PITTSBURGH, June 18 (UPI) -- Pittsburgh-area congressmen accused the officials at the Pittsburgh veterans hospital of stonewalling on an outbreak of Legionnaires' disease.
The outbreak, caused by bacteria in the hospital's water system, sickened at least 21 patients in 2011 and 2012, causing five deaths. The Pittsburgh Tribune-Review, using documents obtained under the Freedom of Information Act, reported the legionella bacteria had been discovered in the water system as long ago as 2007.
Several area congressmen told the newspaper they had asked for documents and never received them. The hospital is operated by the U.S. Department of Veterans Affairs.
"I want to work together with the VA. I don't want to be playing a cat-and-mouse game," Rep. Tim Murphy, R-Pa., said Monday.
The Tribune-Review reported it also found the U.S. Centers for Disease Control did not examine records on the water system when it investigated the outbreak.
Legionnaires' disease is a type of pneumonia caused by a bacterium first identified in 1976 when an outbreak occurred among American Legion members who had attended a conference at a Philadelphia hotel. The bacterium thrives in stagnant water and can be found in air-conditioning systems, hot tubs and similar places.
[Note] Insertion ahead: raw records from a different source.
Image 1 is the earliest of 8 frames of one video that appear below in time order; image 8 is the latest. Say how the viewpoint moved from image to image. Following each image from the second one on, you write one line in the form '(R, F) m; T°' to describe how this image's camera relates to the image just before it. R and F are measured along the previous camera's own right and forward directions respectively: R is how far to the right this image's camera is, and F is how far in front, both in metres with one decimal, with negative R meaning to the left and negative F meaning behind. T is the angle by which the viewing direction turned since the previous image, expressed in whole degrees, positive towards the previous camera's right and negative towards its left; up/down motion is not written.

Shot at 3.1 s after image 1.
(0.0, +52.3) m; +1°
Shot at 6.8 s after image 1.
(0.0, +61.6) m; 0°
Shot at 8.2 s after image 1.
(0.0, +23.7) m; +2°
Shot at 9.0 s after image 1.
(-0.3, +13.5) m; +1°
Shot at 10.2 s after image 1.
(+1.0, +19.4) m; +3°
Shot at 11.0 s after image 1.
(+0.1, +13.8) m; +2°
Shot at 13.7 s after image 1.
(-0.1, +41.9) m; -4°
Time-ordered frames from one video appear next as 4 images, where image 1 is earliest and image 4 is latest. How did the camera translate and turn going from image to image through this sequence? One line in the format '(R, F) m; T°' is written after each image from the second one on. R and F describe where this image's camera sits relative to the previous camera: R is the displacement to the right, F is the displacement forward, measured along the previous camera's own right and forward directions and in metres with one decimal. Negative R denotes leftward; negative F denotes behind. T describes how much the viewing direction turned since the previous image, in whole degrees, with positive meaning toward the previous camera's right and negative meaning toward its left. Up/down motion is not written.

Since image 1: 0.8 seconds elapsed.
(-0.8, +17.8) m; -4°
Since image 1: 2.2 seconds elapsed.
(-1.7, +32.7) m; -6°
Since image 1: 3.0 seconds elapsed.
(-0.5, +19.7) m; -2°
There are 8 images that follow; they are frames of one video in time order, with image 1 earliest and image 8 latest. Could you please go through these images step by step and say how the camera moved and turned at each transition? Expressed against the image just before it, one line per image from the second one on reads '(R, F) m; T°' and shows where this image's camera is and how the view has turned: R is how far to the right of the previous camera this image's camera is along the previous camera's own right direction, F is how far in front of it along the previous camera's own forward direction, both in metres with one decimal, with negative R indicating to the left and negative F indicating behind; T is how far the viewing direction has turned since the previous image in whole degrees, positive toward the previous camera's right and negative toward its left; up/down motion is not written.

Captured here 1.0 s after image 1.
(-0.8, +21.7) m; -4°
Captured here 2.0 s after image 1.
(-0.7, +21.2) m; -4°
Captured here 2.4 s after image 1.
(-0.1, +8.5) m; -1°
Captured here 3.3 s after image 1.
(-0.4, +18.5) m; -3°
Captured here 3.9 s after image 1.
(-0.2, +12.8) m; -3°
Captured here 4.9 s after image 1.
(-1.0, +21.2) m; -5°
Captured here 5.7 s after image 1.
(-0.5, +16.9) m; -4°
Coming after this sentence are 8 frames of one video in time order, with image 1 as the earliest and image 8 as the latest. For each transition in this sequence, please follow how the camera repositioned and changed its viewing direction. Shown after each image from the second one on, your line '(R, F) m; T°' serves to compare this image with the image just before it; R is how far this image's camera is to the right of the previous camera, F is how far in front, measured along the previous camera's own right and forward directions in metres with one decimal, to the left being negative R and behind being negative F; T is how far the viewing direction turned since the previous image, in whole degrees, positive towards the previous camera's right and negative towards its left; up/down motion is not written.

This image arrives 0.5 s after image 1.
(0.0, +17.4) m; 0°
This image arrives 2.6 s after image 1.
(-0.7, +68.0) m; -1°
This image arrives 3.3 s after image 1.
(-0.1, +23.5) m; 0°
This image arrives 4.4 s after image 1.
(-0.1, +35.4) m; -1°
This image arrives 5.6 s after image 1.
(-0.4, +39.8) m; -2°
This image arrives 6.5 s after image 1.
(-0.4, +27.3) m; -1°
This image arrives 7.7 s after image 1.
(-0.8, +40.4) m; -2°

Murphy has co-sponsored a bill to require faster reporting on infectious diseases. The House Veterans Affairs Committee is scheduled to hold a hearing on the measure Wednesday.
"These revelations paint a troubling picture of rampant mismanagement and incompetence among some officials within the VA Pittsburgh Healthcare system," said Rep. Jeff Miller, R-Fla., the committee chairman. "Unfortunately, incompetence and mismanagement -- coupled with an extreme reluctance to come clean about the facts -- have defined the department's response to the tragic Legionnaires' disease outbreak in Pittsburgh."